La proposition de résolution commune au Parlement européen – approuvée le 19 septembre à une large majorité – sur « l’importance de la mémoire européenne pour l’avenir de l’Europe » est un acte politique et culturel aberrant qui doit être vigoureusement rejeté.

En premier lieu, rappelons qu’il n’appartient pas à un organisme institutionnel ou politique de décider par un vote à la majorité d’une quelconque reconstruction de l’histoire. Le recours à l’histoire motivé par le souhait d’imposer une vision révisionniste des principaux événements du siècle dernier pour s’en prémunir comme des armes dans les batailles politiques du moment ne peut pas avoir sa place dans une véritable démocratie.

En second lieu, les déclarations sur l’histoire du XXe siècle incluses dans la résolution contiennent des erreurs inacceptables ainsi que des distorsions et des visions unilatérales.

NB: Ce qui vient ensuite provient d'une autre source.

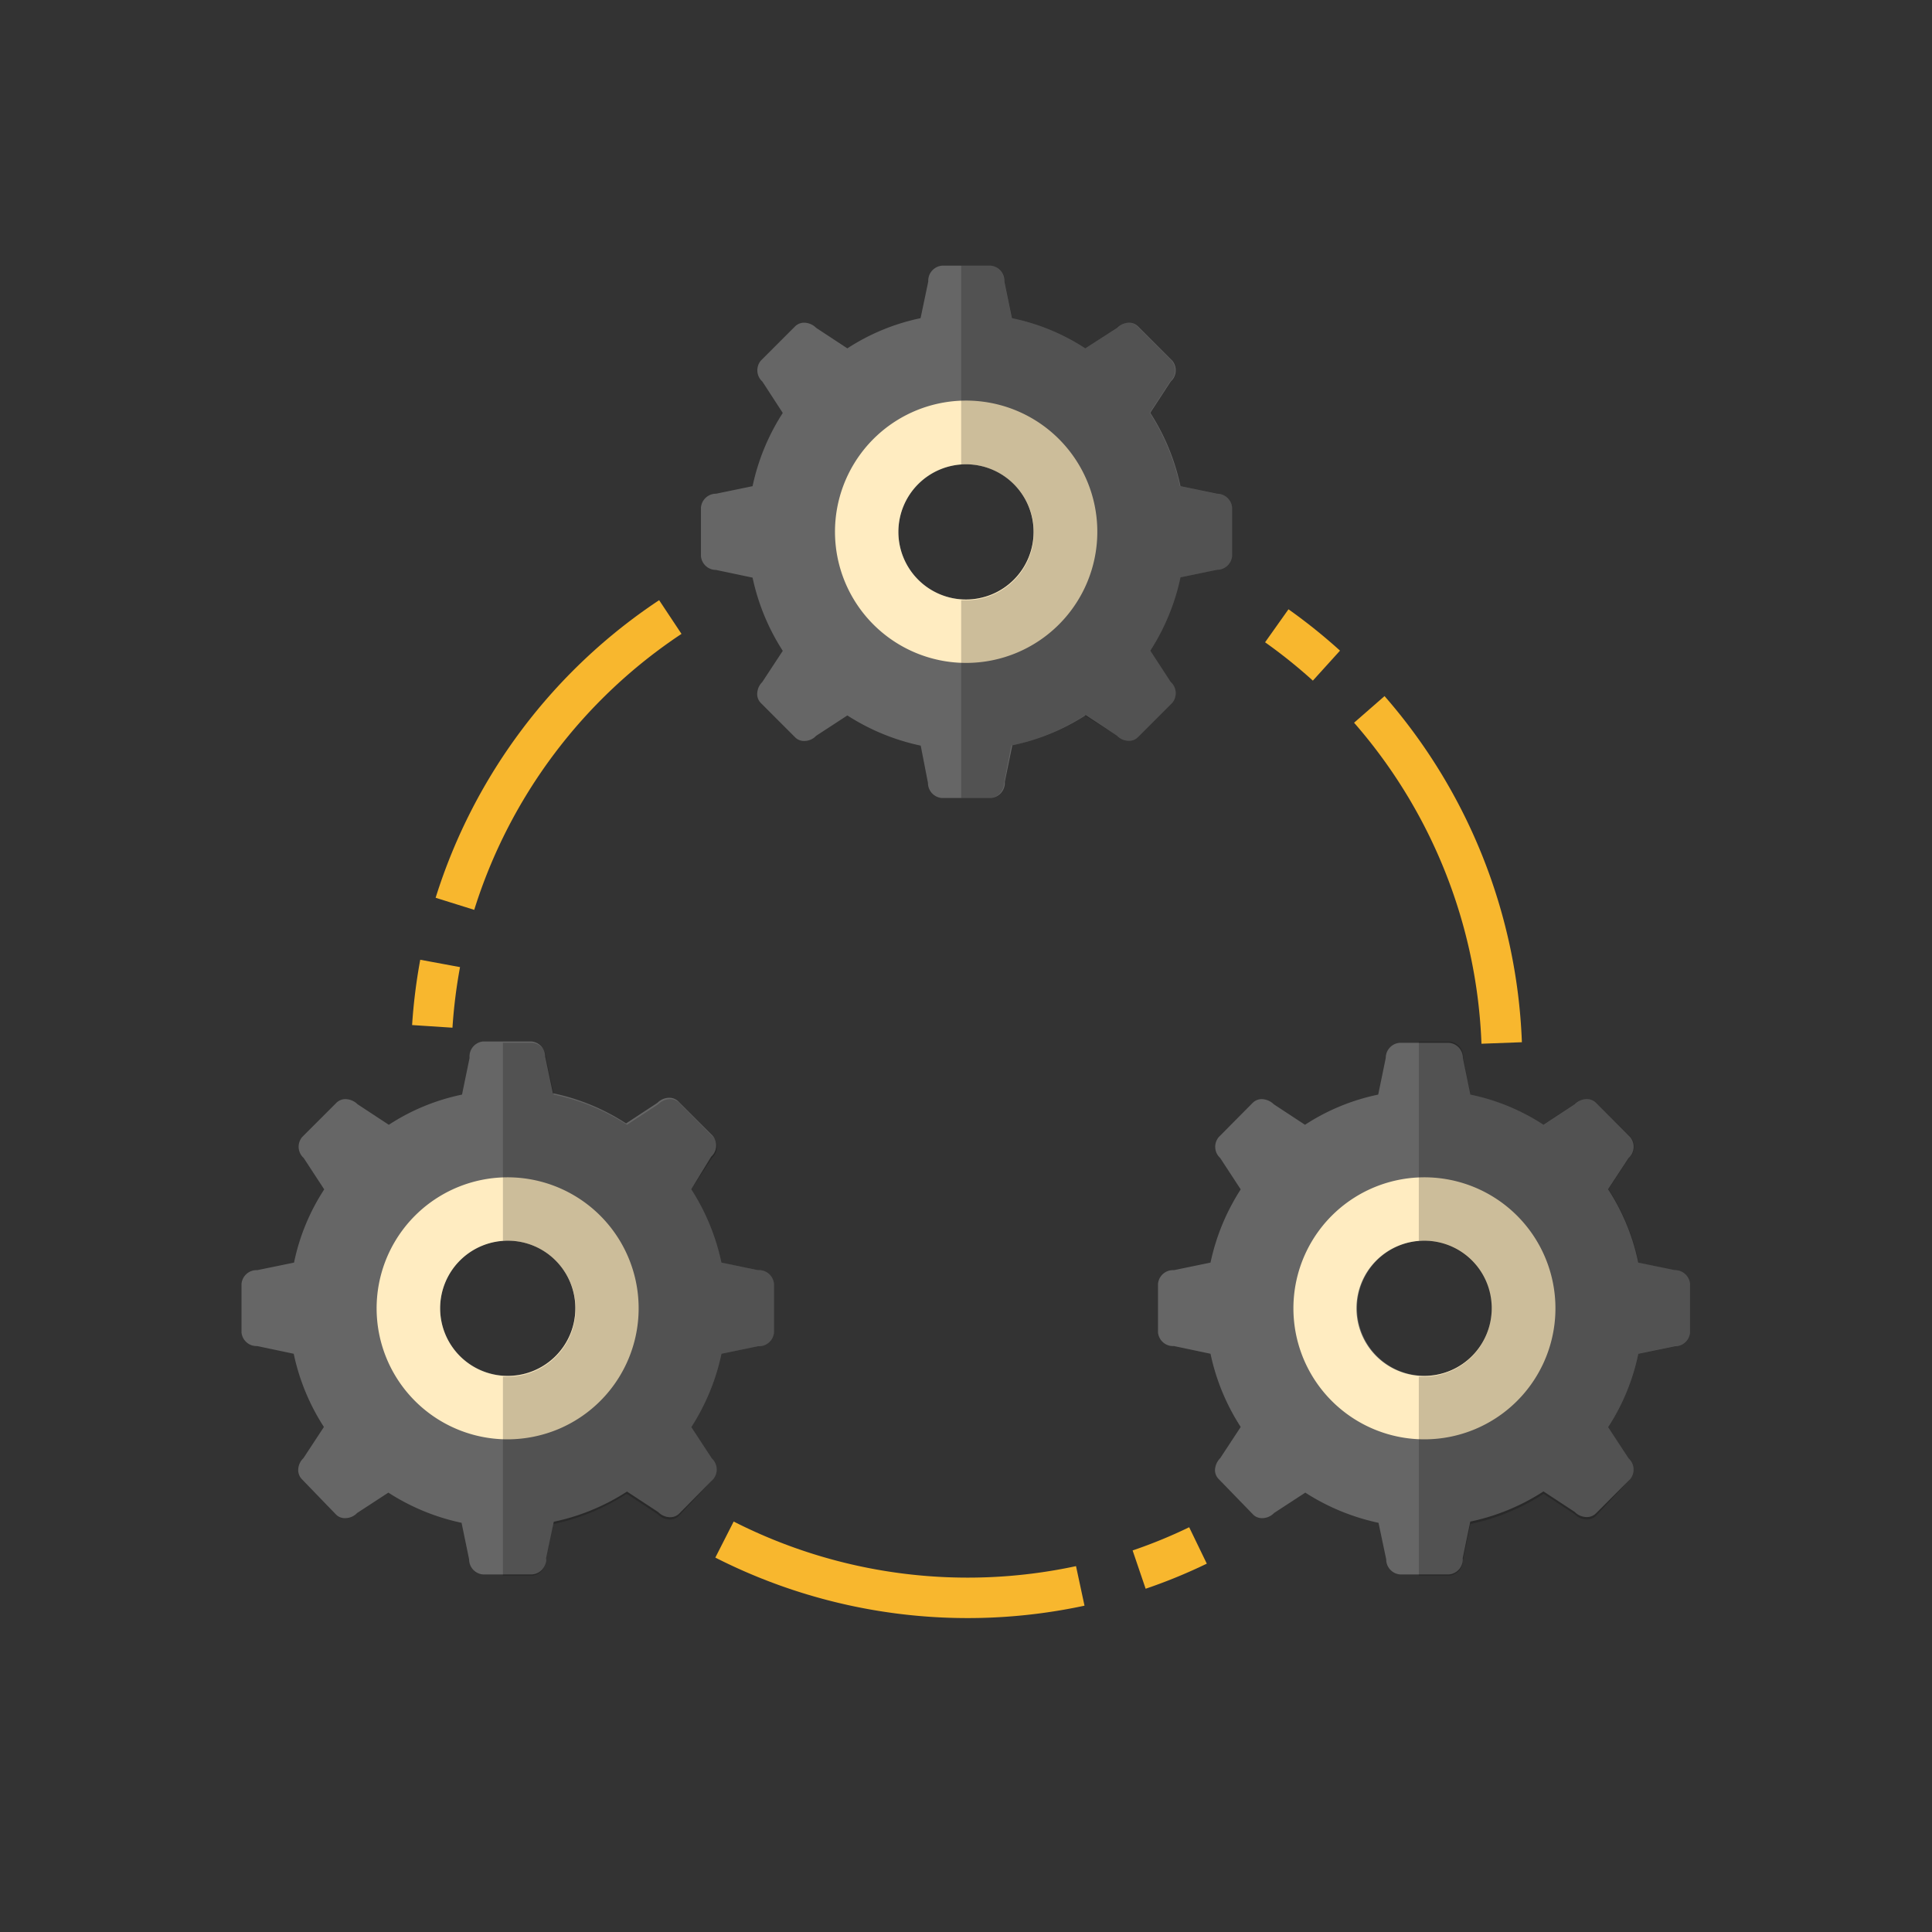 <?xml version="1.0" encoding="UTF-8"?> <svg xmlns="http://www.w3.org/2000/svg" id="Ebene_1" data-name="Ebene 1" viewBox="0 0 128 128"><rect x="0" y="0" width="128" height="128" fill="#333333" stroke="none"/><defs><style>.cls-1{fill:none;stroke:#f8b72e;stroke-miterlimit:10;stroke-width:2.68px;}.cls-2{fill:#666;}.cls-3{fill:#ffecc1;}.cls-4{opacity:0.2;}</style></defs><path class="cls-1" d="M30.14,59.88a35.54,35.54,0,0,1,14.27-19"></path><path class="cls-1" d="M28.64,68a35.71,35.71,0,0,1,.52-4.17"></path><path id="Differenzmenge_32-2" data-name="Differenzmenge 32-2" class="cls-2" d="M65.6,52.87H62.4a1,1,0,0,1-.92-1L61,49.4a14.51,14.51,0,0,1-4.86-2l-2.07,1.35a1.06,1.06,0,0,1-.78.34.81.81,0,0,1-.61-.24l-2.27-2.27a.84.84,0,0,1-.24-.67,1.12,1.12,0,0,1,.33-.72l1.36-2.07a14.54,14.54,0,0,1-2-4.85l-2.42-.51a1,1,0,0,1-1-.91V33.63a1,1,0,0,1,1-.92l2.42-.5a14.46,14.46,0,0,1,2-4.85l-1.35-2.08a1,1,0,0,1-.1-1.39l2.27-2.27a.85.85,0,0,1,.61-.24,1.14,1.14,0,0,1,.78.34l2.07,1.36a14.14,14.14,0,0,1,4.85-2l.51-2.43a1,1,0,0,1,.92-1.05h3.2a1,1,0,0,1,.92,1.05l.5,2.43a14.11,14.11,0,0,1,4.86,2L74,21.72a1.14,1.14,0,0,1,.78-.34.85.85,0,0,1,.61.24l2.27,2.27a1,1,0,0,1-.1,1.39l-1.35,2.07a14.51,14.51,0,0,1,2,4.86l2.42.5a1,1,0,0,1,1,.92v3.2a1,1,0,0,1-1,.92l-2.42.5a14.51,14.51,0,0,1-2,4.86l1.35,2.07a1,1,0,0,1,.1,1.39l-2.27,2.27a.81.81,0,0,1-.61.24,1.1,1.1,0,0,1-.78-.34l-2.07-1.36a14.33,14.33,0,0,1-4.86,2l-.5,2.42A1,1,0,0,1,65.6,52.87ZM64,30.76a4.48,4.48,0,1,0,4.48,4.47h0A4.48,4.48,0,0,0,64,30.76Z"></path><path id="Differenzmenge_31-2" data-name="Differenzmenge 31-2" class="cls-3" d="M64,43.92a8.69,8.69,0,1,1,3.38-.68A8.69,8.69,0,0,1,64,43.92Zm0-13.16a4.48,4.48,0,1,0,4.48,4.47A4.48,4.48,0,0,0,64,30.76Z"></path><path class="cls-4" d="M80.59,32.71l-2.42-.5a14.51,14.51,0,0,0-2-4.86l1.35-2.07a1,1,0,0,0,.1-1.39l-2.27-2.27a.85.85,0,0,0-.61-.24,1.14,1.14,0,0,0-.78.34l-2.07,1.36a14.11,14.11,0,0,0-4.86-2l-.5-2.43a1,1,0,0,0-.92-1.05H63.68V30.77H64a4.48,4.48,0,1,1,0,9l-.32,0V52.87H65.6a1,1,0,0,0,.92-1L67,49.4a14.33,14.33,0,0,0,4.86-2L74,48.74a1.1,1.1,0,0,0,.78.34.81.81,0,0,0,.61-.24l2.27-2.27a1,1,0,0,0-.1-1.39l-1.35-2.07a14.51,14.51,0,0,0,2-4.86l2.42-.5a1,1,0,0,0,1-.92v-3.2A1,1,0,0,0,80.59,32.71Z"></path><path id="Differenzmenge_32-2-2" data-name="Differenzmenge 32-2" class="cls-2" d="M35.25,104.31H32a1,1,0,0,1-.92-1l-.5-2.42a14.46,14.46,0,0,1-4.85-2l-2.07,1.35a1.08,1.08,0,0,1-.79.34.81.81,0,0,1-.61-.24L20,98a.87.87,0,0,1-.24-.67,1.09,1.09,0,0,1,.34-.72l1.36-2.07a14.36,14.36,0,0,1-2-4.85l-2.42-.51A1,1,0,0,1,16,88.28V85.07a1,1,0,0,1,1.05-.92l2.43-.5a14.06,14.06,0,0,1,2-4.85l-1.36-2.08a1,1,0,0,1-.1-1.39l2.27-2.27a.85.85,0,0,1,.61-.24,1.17,1.17,0,0,1,.79.34l2.07,1.36a14.06,14.06,0,0,1,4.85-2l.5-2.43A1,1,0,0,1,32,69h3.21a1,1,0,0,1,.91,1l.51,2.43a14.14,14.14,0,0,1,4.85,2l2.07-1.36a1.12,1.12,0,0,1,.79-.34.85.85,0,0,1,.6.24l2.27,2.27a1,1,0,0,1-.09,1.39L45.8,78.79a14.51,14.51,0,0,1,2,4.86l2.42.5a1,1,0,0,1,1.06.92v3.2a1,1,0,0,1-1.06.92l-2.42.5a14.51,14.51,0,0,1-2,4.86l1.36,2.07A1,1,0,0,1,47.25,98L45,100.28a.85.85,0,0,1-.6.24,1.12,1.12,0,0,1-.79-.34l-2.07-1.36a14.36,14.36,0,0,1-4.85,2l-.51,2.42A1,1,0,0,1,35.25,104.31ZM33.64,82.19a4.48,4.48,0,1,0,4.48,4.48h0A4.49,4.49,0,0,0,33.64,82.19Z"></path><path id="Differenzmenge_31-2-2" data-name="Differenzmenge 31-2" class="cls-3" d="M33.64,95.36A8.68,8.68,0,1,1,37,94.68,8.77,8.77,0,0,1,33.64,95.36Zm0-13.16a4.48,4.48,0,1,0,4.48,4.47A4.47,4.47,0,0,0,33.64,82.2Z"></path><path class="cls-4" d="M50.23,84.15l-2.42-.5a14.51,14.51,0,0,0-2-4.86l1.36-2.07a1,1,0,0,0,.09-1.39L45,73.06a.85.85,0,0,0-.6-.24,1.12,1.12,0,0,0-.79.34l-2.07,1.36a14.14,14.14,0,0,0-4.85-2l-.51-2.43a1,1,0,0,0-.91-1H33.32V82.21l.32,0a4.48,4.48,0,0,1,0,9l-.32,0v13.18h1.93a1,1,0,0,0,.91-1l.51-2.42a14.36,14.36,0,0,0,4.85-2l2.07,1.36a1.12,1.12,0,0,0,.79.34.85.85,0,0,0,.6-.24L47.25,98a1,1,0,0,0-.09-1.39L45.8,94.55a14.51,14.51,0,0,0,2-4.86l2.42-.5a1,1,0,0,0,1.06-.92v-3.2A1,1,0,0,0,50.23,84.15Z"></path><path id="Differenzmenge_32-2-3" data-name="Differenzmenge 32-2" class="cls-2" d="M96,104.31H92.75a1,1,0,0,1-.91-1l-.51-2.42a14.54,14.54,0,0,1-4.85-2l-2.07,1.35a1.08,1.08,0,0,1-.79.34.81.81,0,0,1-.6-.24L80.75,98a.84.84,0,0,1-.25-.67,1.19,1.19,0,0,1,.34-.72l1.36-2.07a14.34,14.34,0,0,1-2-4.85l-2.42-.51a1,1,0,0,1-1.06-.91V85.07a1,1,0,0,1,1.06-.92l2.42-.5a14.46,14.46,0,0,1,2-4.85l-1.36-2.08a1,1,0,0,1-.09-1.39L83,73.06a.85.85,0,0,1,.6-.24,1.17,1.17,0,0,1,.79.34l2.07,1.36a14.06,14.06,0,0,1,4.85-2l.5-2.43a1,1,0,0,1,.92-1H96a1,1,0,0,1,.92,1l.5,2.43a14.06,14.06,0,0,1,4.85,2l2.07-1.36a1.12,1.12,0,0,1,.79-.34.85.85,0,0,1,.61.24L108,75.33a1,1,0,0,1-.1,1.39l-1.36,2.07a14.11,14.11,0,0,1,2,4.86l2.43.5a1,1,0,0,1,1,.92v3.2a1,1,0,0,1-1,.92l-2.43.5a14.11,14.11,0,0,1-2,4.86l1.36,2.07A1,1,0,0,1,108,98l-2.27,2.27a.85.85,0,0,1-.61.24,1.12,1.12,0,0,1-.79-.34l-2.07-1.36a14.28,14.28,0,0,1-4.85,2l-.5,2.42A1,1,0,0,1,96,104.31Zm-1.6-22.12a4.48,4.48,0,1,0,4.47,4.48h0A4.48,4.48,0,0,0,94.36,82.19Z"></path><path id="Differenzmenge_31-2-3" data-name="Differenzmenge 31-2" class="cls-3" d="M94.36,95.36a8.68,8.68,0,1,1,3.38-.68A8.69,8.69,0,0,1,94.36,95.36Zm0-13.16a4.48,4.48,0,1,0,4.47,4.47A4.47,4.47,0,0,0,94.36,82.2Z"></path><path class="cls-4" d="M111,84.15l-2.43-.5a14.11,14.11,0,0,0-2-4.86l1.36-2.07a1,1,0,0,0,.1-1.39l-2.27-2.27a.85.85,0,0,0-.61-.24,1.12,1.12,0,0,0-.79.34l-2.07,1.36a14.06,14.06,0,0,0-4.85-2l-.5-2.43A1,1,0,0,0,96,69H94V82.21l.32,0a4.48,4.48,0,0,1,0,9l-.32,0v13.18H96a1,1,0,0,0,.92-1l.5-2.42a14.28,14.28,0,0,0,4.85-2l2.07,1.36a1.12,1.12,0,0,0,.79.34.85.85,0,0,0,.61-.24L108,98a1,1,0,0,0-.1-1.39l-1.36-2.07a14.11,14.11,0,0,0,2-4.86l2.43-.5a1,1,0,0,0,1-.92v-3.2A1,1,0,0,0,111,84.15Z"></path><path class="cls-1" d="M90.72,47A35.62,35.62,0,0,1,99.49,69.1"></path><path class="cls-1" d="M84.59,41.46a35.51,35.51,0,0,1,3.29,2.64"></path><path class="cls-1" d="M71.57,105.07A35.53,35.53,0,0,1,48,102"></path><path class="cls-1" d="M79.37,102.39a34.38,34.38,0,0,1-3.9,1.6"></path></svg>

Il y est affirmé que le pacte Molotov-Ribbentrop du 23 août 1939 entre l’Union soviétique et l’Allemagne nazie a « ouv[ert] la voie au déclenchement de la Seconde Guerre mondiale ». C’est faire l’impasse sur toute référence au comportement complaisant des démocraties libérales face à l’expansionnisme nazi, qui remonte au moins à l’invasion de l’Éthiopie (1935) et à la guerre civile espagnole déclenchée en appui du coup d’État d’extrême droite mené par le général Franco (1936), se poursuivant avec l’« Anschluss » de l’Autriche à l’Allemagne le 12 mars 1938, la politique d’apaisement aux accords de Munich (1938), enfin le démembrement consécutif de la Tchécoslovaquie non pas seulement par l’Allemagne, mais également par la Pologne et la Hongrie.

Qui plus est, la résolution ne mentionne pas la contribution énorme à la victoire sur le nazisme, – et qui fut décisive pour le destin même de l’Europe et de l’humanité, – apportée à la fois par l’Union soviétique (avec plus de 20 millions de morts) et par celles et ceux qui, partout en Europe et le monde, souvent guidé·e·s par les idéaux et les symboles des divers courants du mouvement communiste international, ont combattu les troupes de Hitler et ses alliés. La résolution « oublie » Altiero Spinelli, communiste italien, prisonnier politique de 1927 à 1943, co-auteur du Manifeste de Ventotene, qui est souvent reconnu comme l’un des pères fondateurs de l’intégration européenne et, de ce fait, a légitimement donné son nom à l’un des bâtiments du Parlement européen.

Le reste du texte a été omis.